Indiana health officials say most of Monroe County’s swimming pools, spas and whirlpools don’t comply with a new federal law requiring them to be fitted with special drain covers to prevent children from drowning or sustaining gruesome injuries.
Of the 116 pools, spas and baby pools the Monroe County Health Department regularly inspects, fewer than 1 percent are in compliance with the new law, said Simeon Baker, the department’s environmental health specialist.
The federal law that took effect Dec. 19 requires all public pools, spas and whirlpools to have anti-entrapment covers over their main drains.
The law, called the Virginia Graeme Baker Pool and Spa Safety Act, is named after former Secretary of State James Baker’s granddaughter, who drowned in 2002 when the suction from a spa drain trapped her underwater.
The legislation is designed to prevent injury or death caused when people become entrapped by the suction from pool or spa drains. Victims can be disemboweled by the powerful suction, or drown if their buttocks, hair, jewelry or limbs become trapped by the drain’s suction.
Most of the victims were between 5 and 9 years old.
Between 1999 and 2007 in the U.S., there were 9 deaths and 53 injuries suffered in public and residential pools and spas by drain suction entrapment, according to the Consumer Product Safety Commission.
Rob Gilchrist, aquatics coordinator with the Bloomington Parks and Recreation Department, said he thinks the law will save lives, but he’s frustrated by the short amount of time given for pools, spas and whirlpools to comply.

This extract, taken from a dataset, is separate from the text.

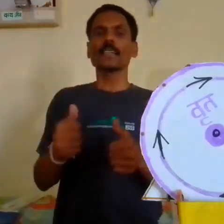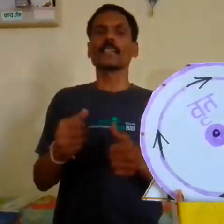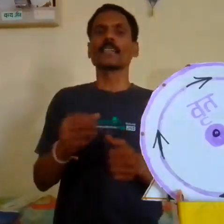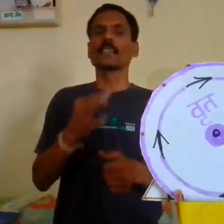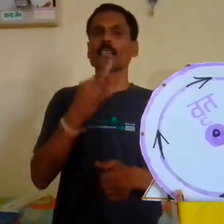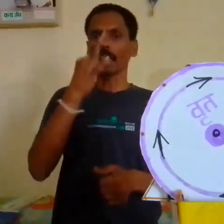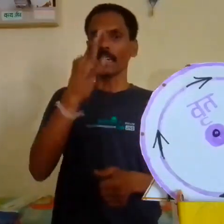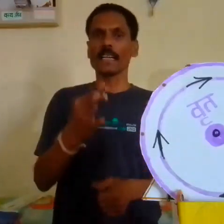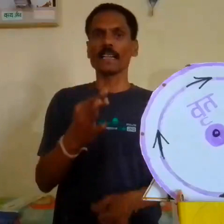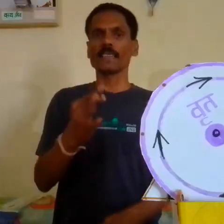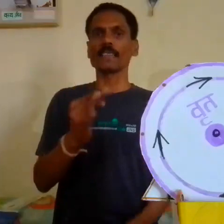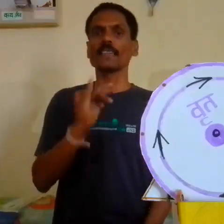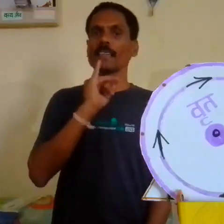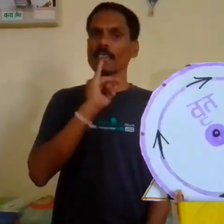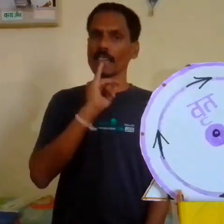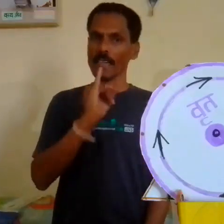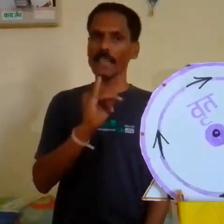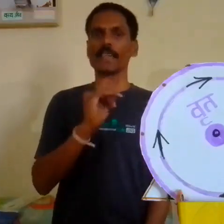कहलाती है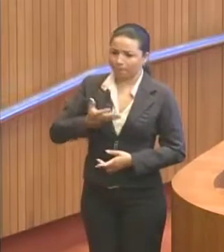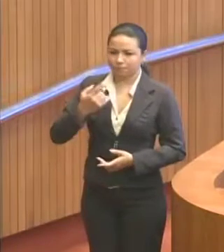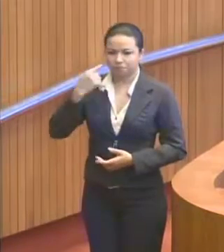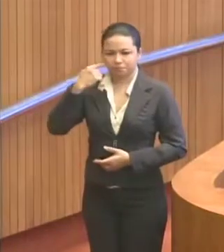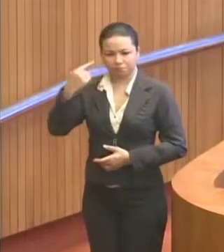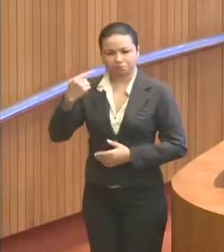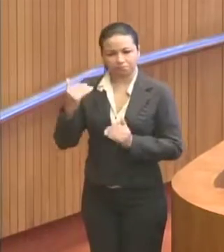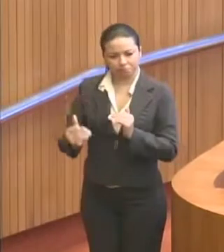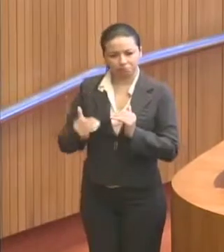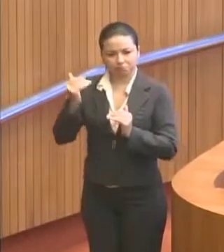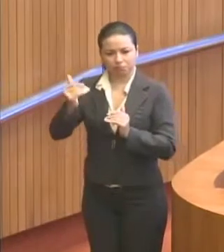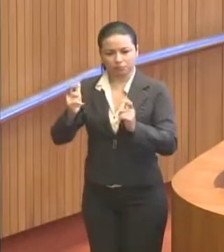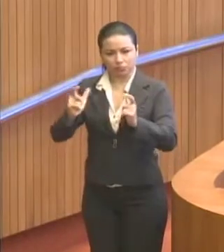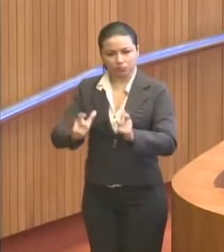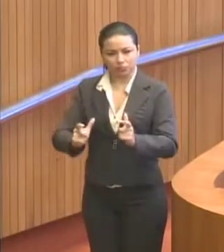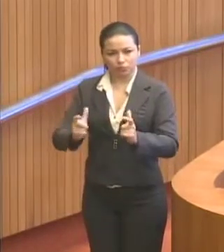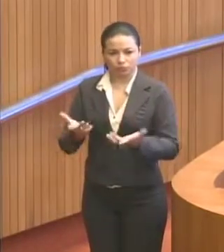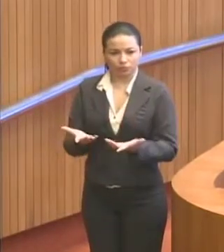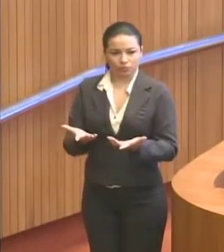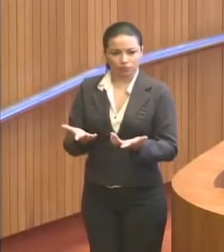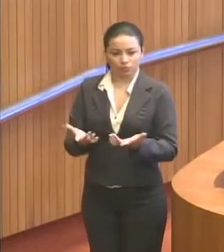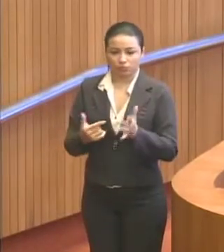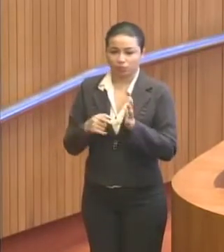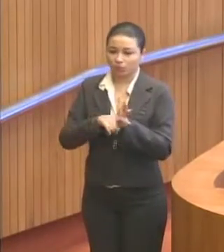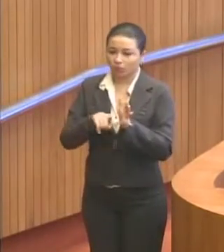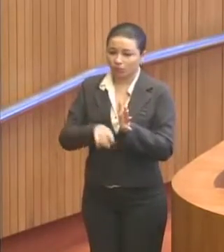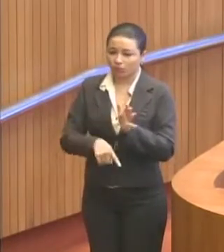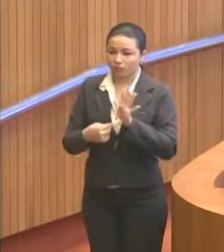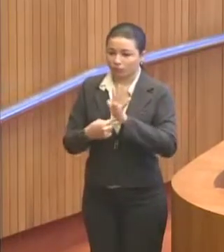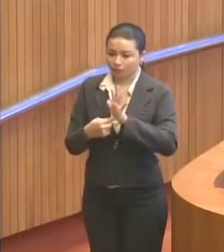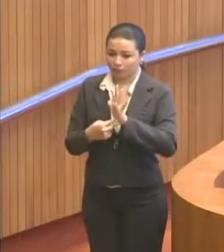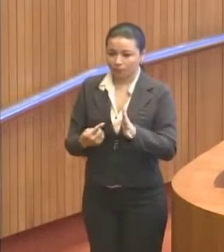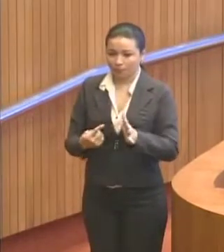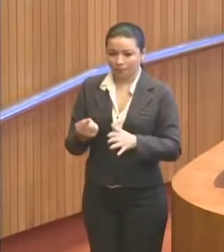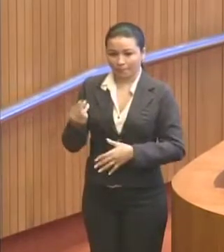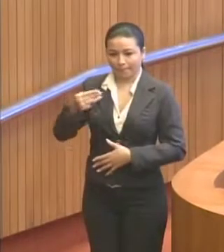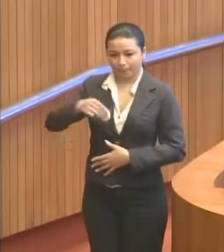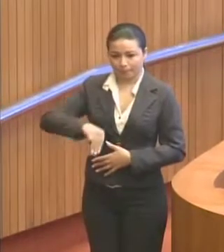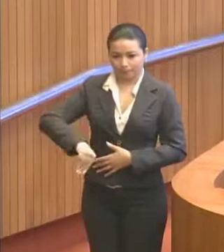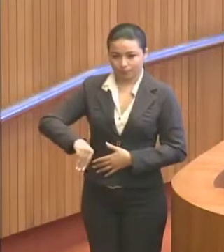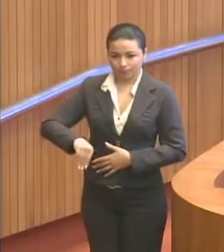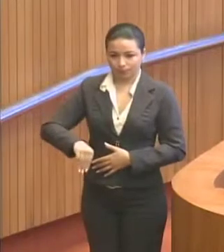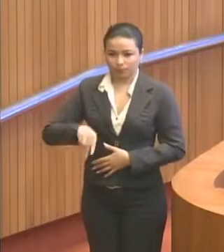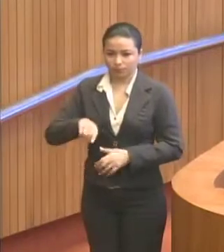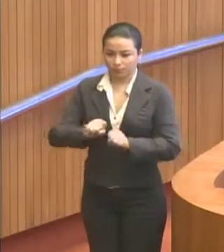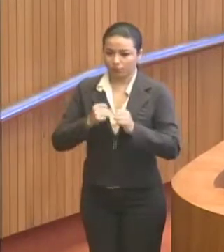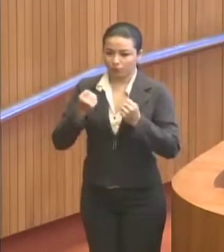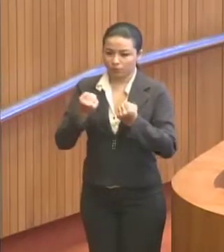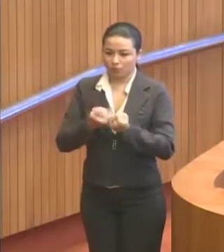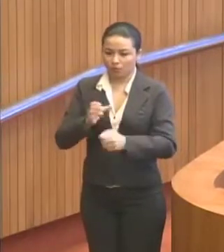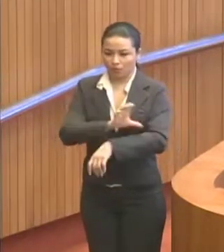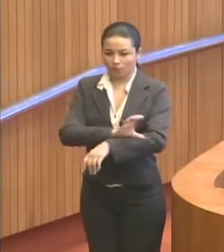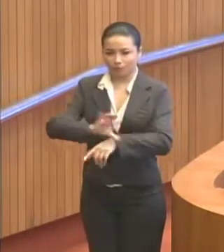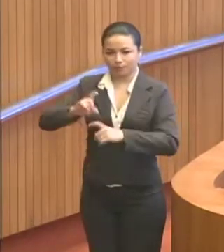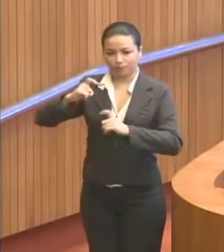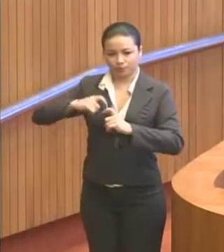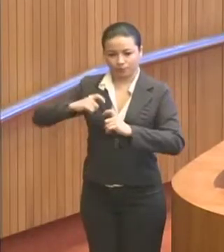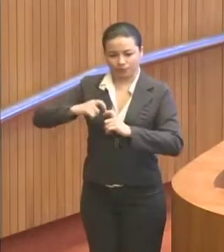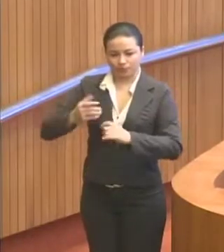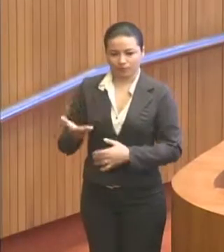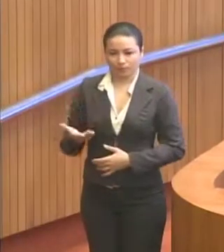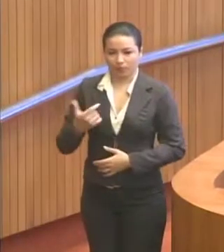levar para a região, com os menores indicadores do Maranhão, indicadores sociais, um curso de Medicina.

“The law passed just a year ago and is placing a huge strain on the industry,” he told The Herald-Times. “There are not a lot of companies making these drain covers but there are a lot of people wanting them.”
Gilchrist said it’s proved particularly difficult for him to try to get the large drain covers needed to fit over the main drains at the parks department’s two pools.
“At this time no manufacturer makes the size of drain cover we need, so we had to make a special order,” he said.
Gilchrist said he hopes the covers will arrive in time for the scheduled May 23 opening of the Bryan Park and Mills pools. If not, he isn’t sure if the pools would open as scheduled.
The Dec. 19, 2008, deadline does not apply to all pools and spas. Those that were closed on that date are not required to comply with the new law until they reopen to the public.
Scott Wolfson, a spokesman for the Consumer Product Safety Commission, said the federal agency “is encouraging all pool owners and operators who have not come into compliance with the law to do so as quickly as possible.” Wolfson said all state and local officials, as well as pool operators, need to be aware that the law has been in effect since Dec. 19.
In the Bloomington area, a few hotel pools have installed the required equipment. The Monroe County YMCA will do so in its two pools and two hot tubs this month at a cost of $16,000.
“We couldn’t get the parts by Dec. 19 because the drain cover manufacturers couldn’t keep up with the demand,” Sara Herold, YMCA spokeswoman.
Bill Ramos, director of Indiana University’s Aquatic Institute, said none of IU’s pools are currently in compliance. He said IU would soon hire a company to do a complete assessment of IU’s pool and hot tub drains.
Once that’s completed, he will order the necessary equipment needed to make the pools and hot tubs compliant.